===== Information provided

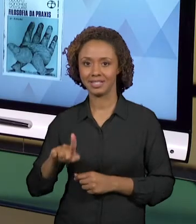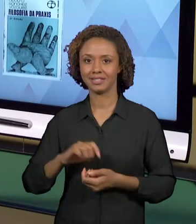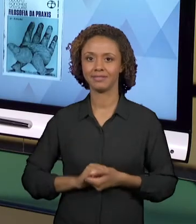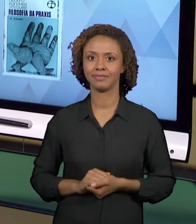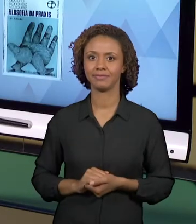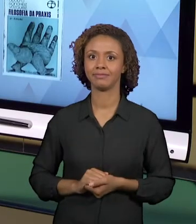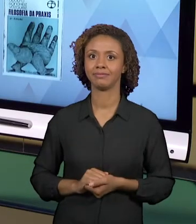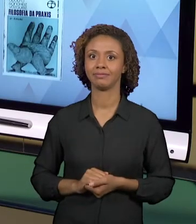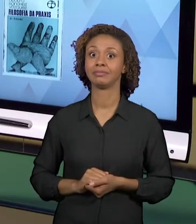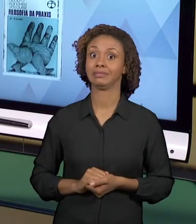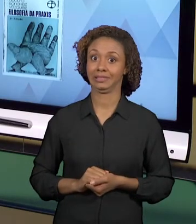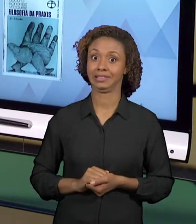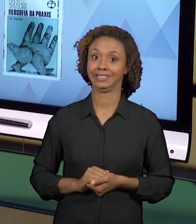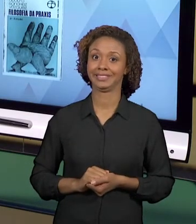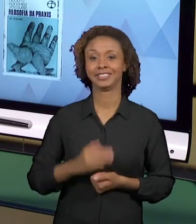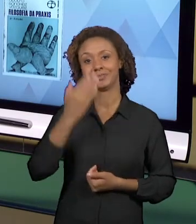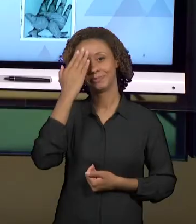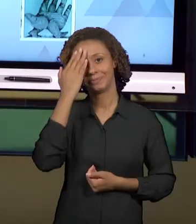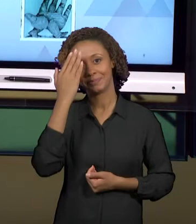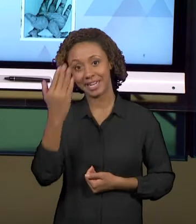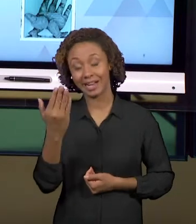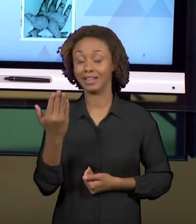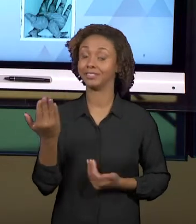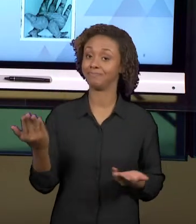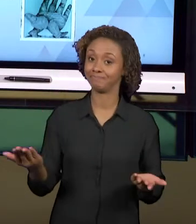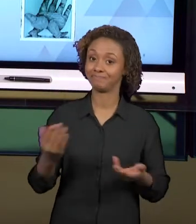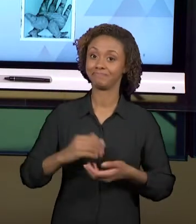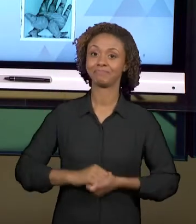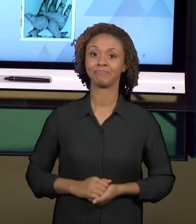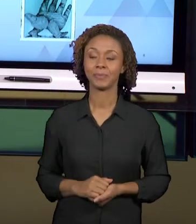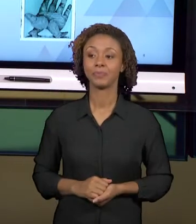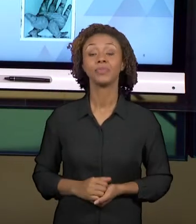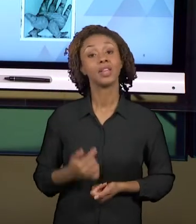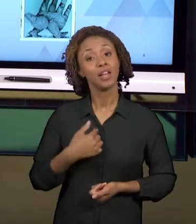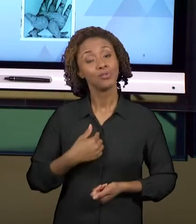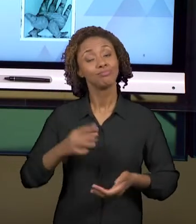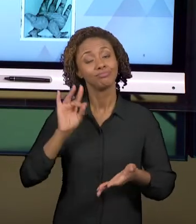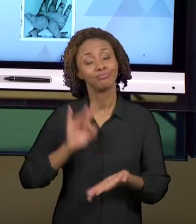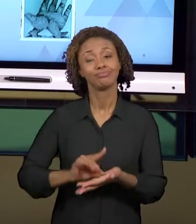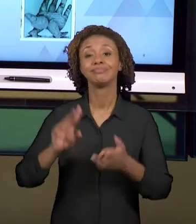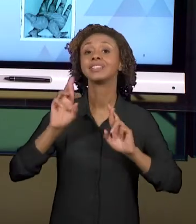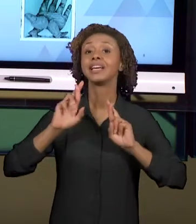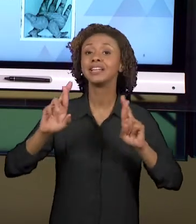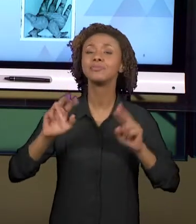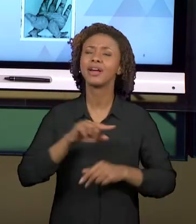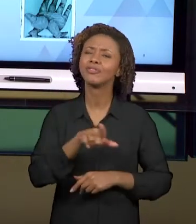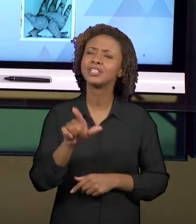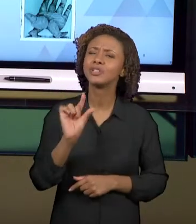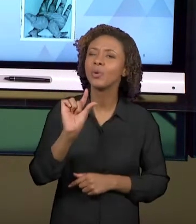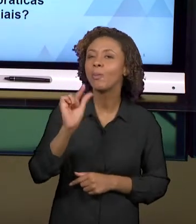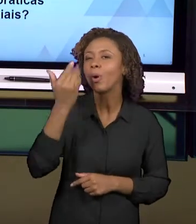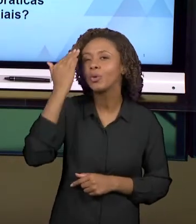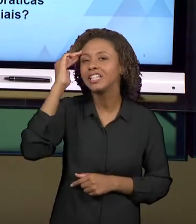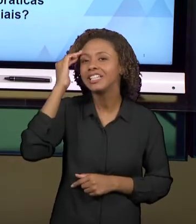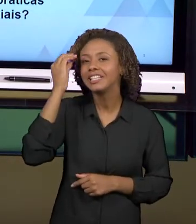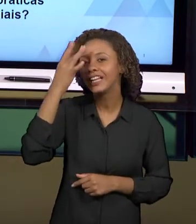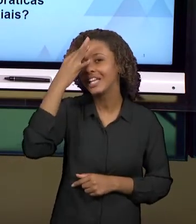MUITO OBRIGADA. EU ESPERO, MEUS AMIGOS, QUE VOCÊS TENHAM COMPREENDIDO UM POUQUINHO MAIS SOBRE ESSA TEMÁTICA.
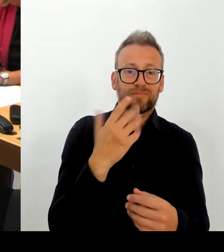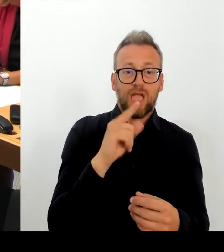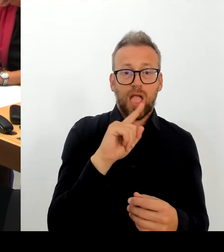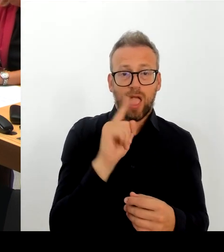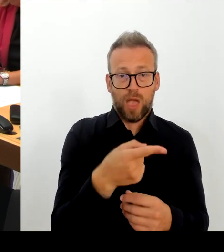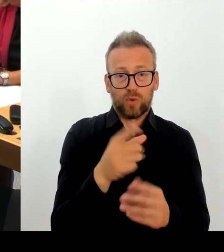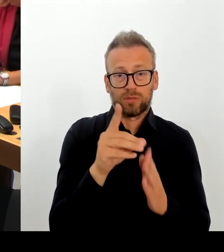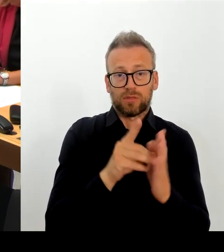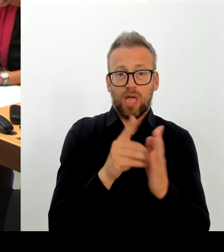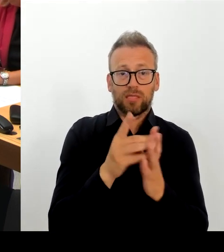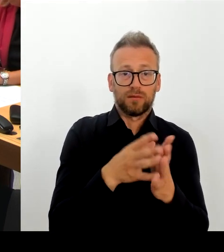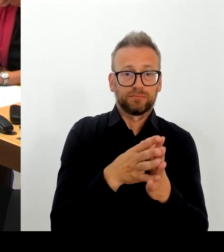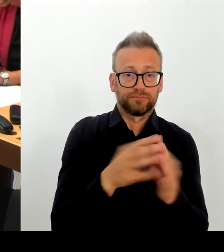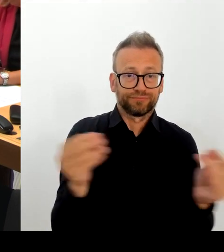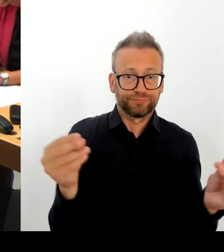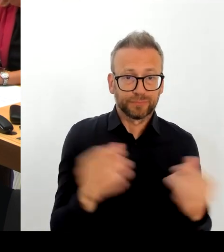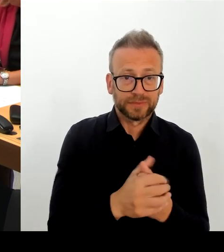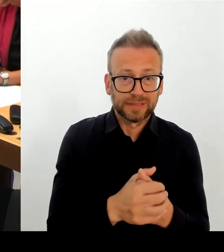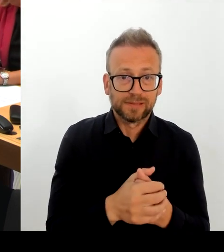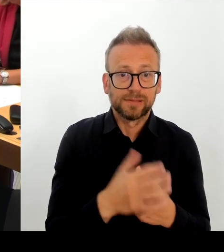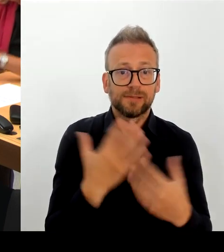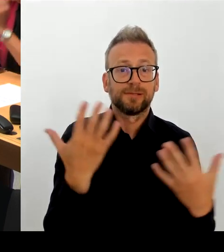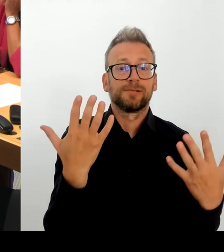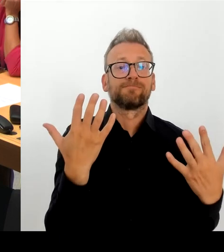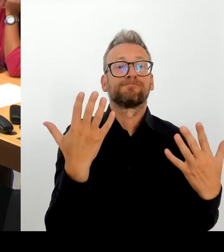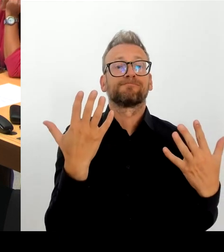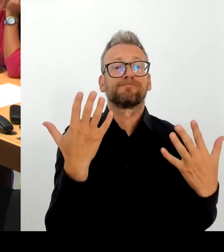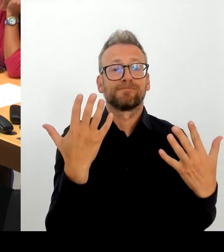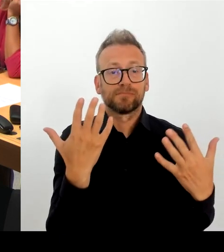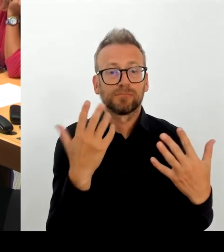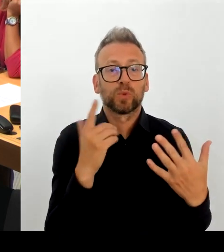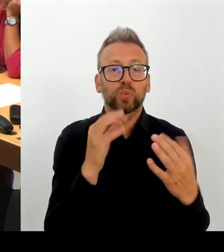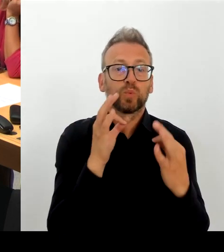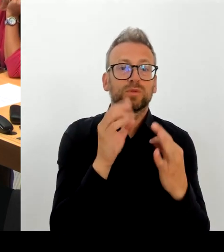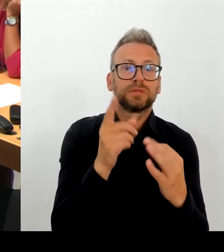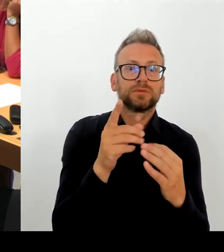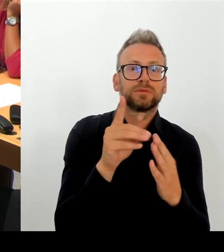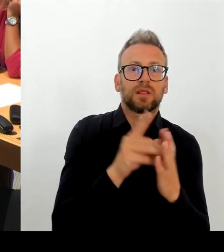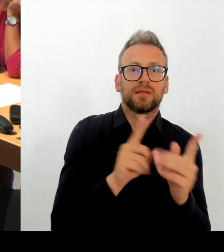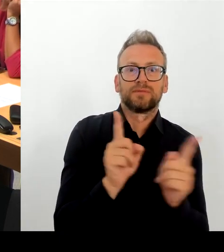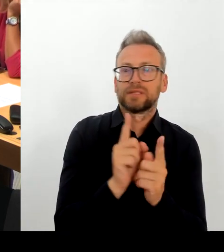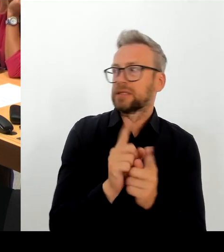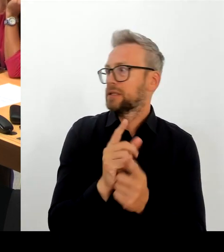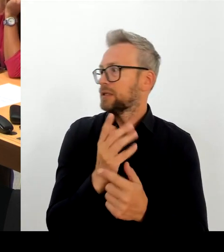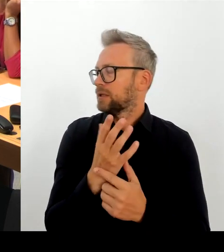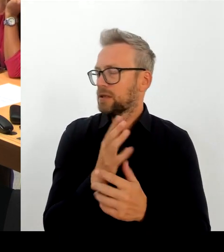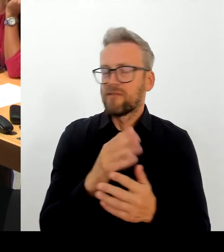Berlinerinnen und Berlinern sagen, nach allen Informationen, die aus heutiger Sicht vorliegen, die uns
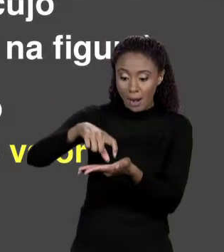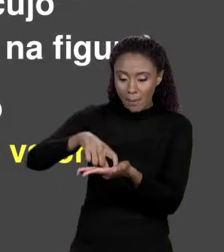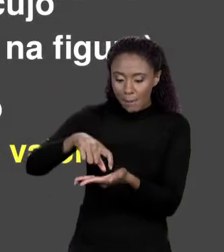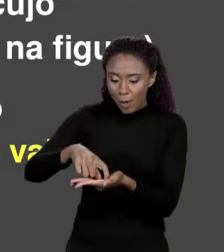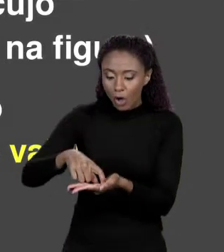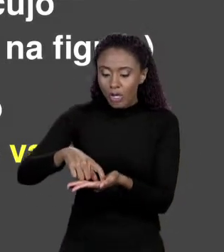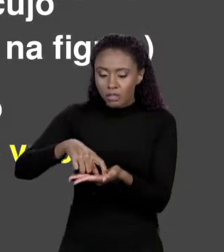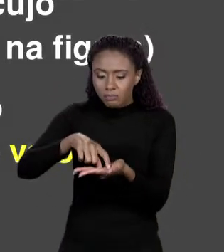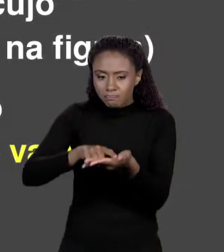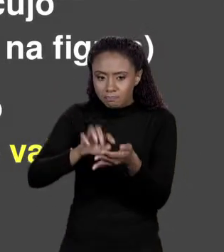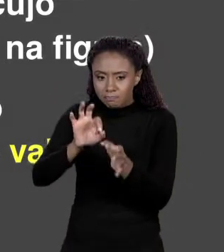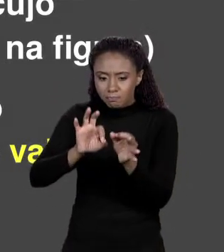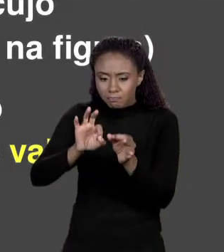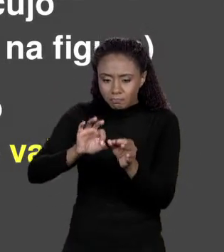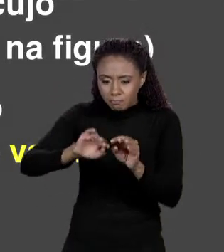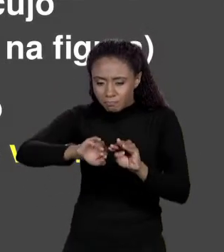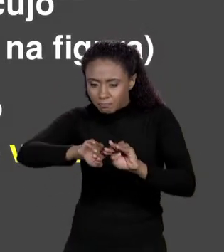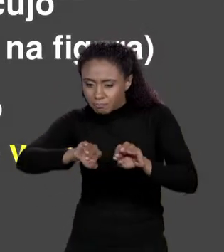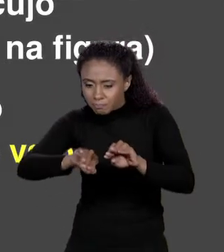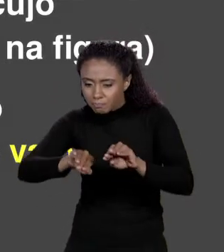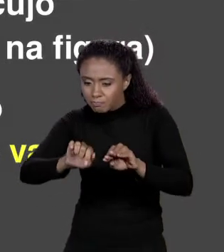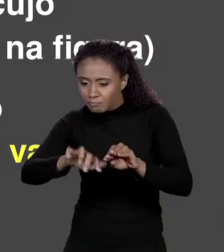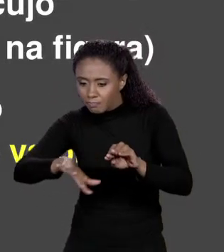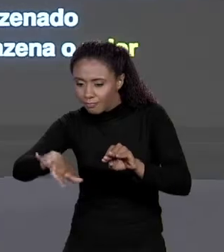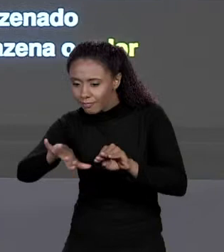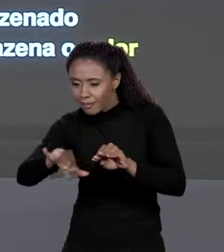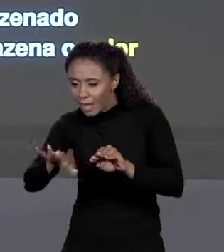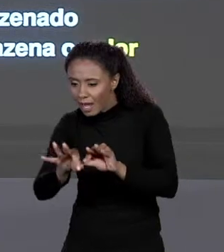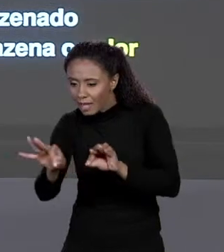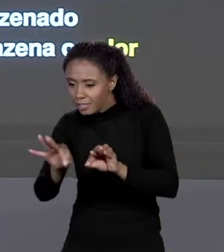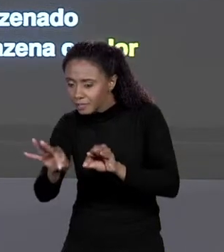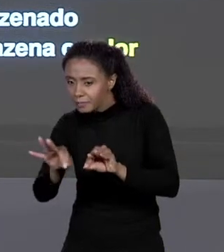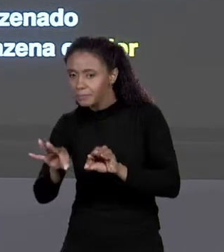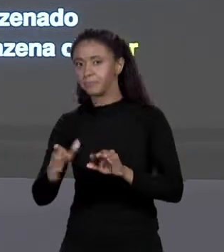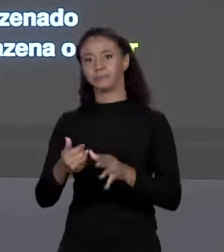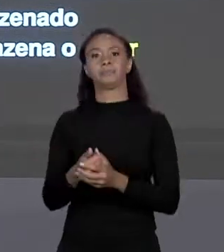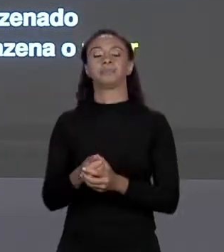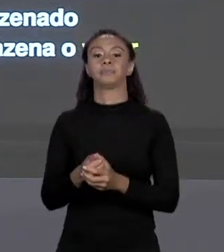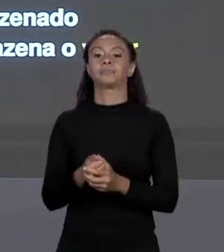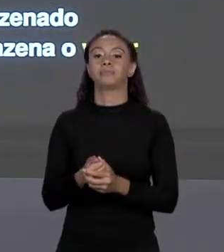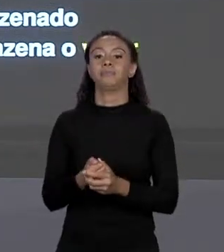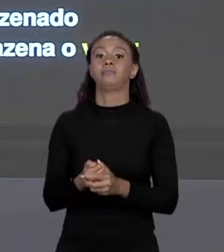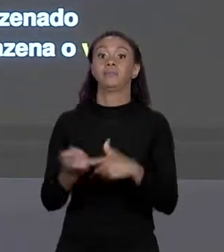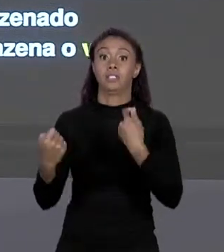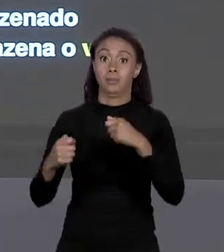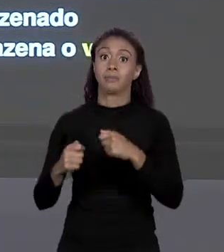VARIÁVEL "ÁREA Q". CERTO? ELE TINHA QUE SER GRANDE O SUFICIENTE PARA CABER O "FLOAT". "FLOAT" ERA QUATRO

==========

Task goal
When you copy the data, keep every line exact and leave out each picture.

Solution
MUITO OBRIGADA. EU ESPERO, MEUS AMIGOS, QUE VOCÊS TENHAM COMPREENDIDO UM POUQUINHO MAIS SOBRE ESSA TEMÁTICA.
Berlinerinnen und Berlinern sagen, nach allen Informationen, die aus heutiger Sicht vorliegen, die uns
VARIÁVEL "ÁREA Q". CERTO? ELE TINHA QUE SER GRANDE O SUFICIENTE PARA CABER O "FLOAT". "FLOAT" ERA QUATRO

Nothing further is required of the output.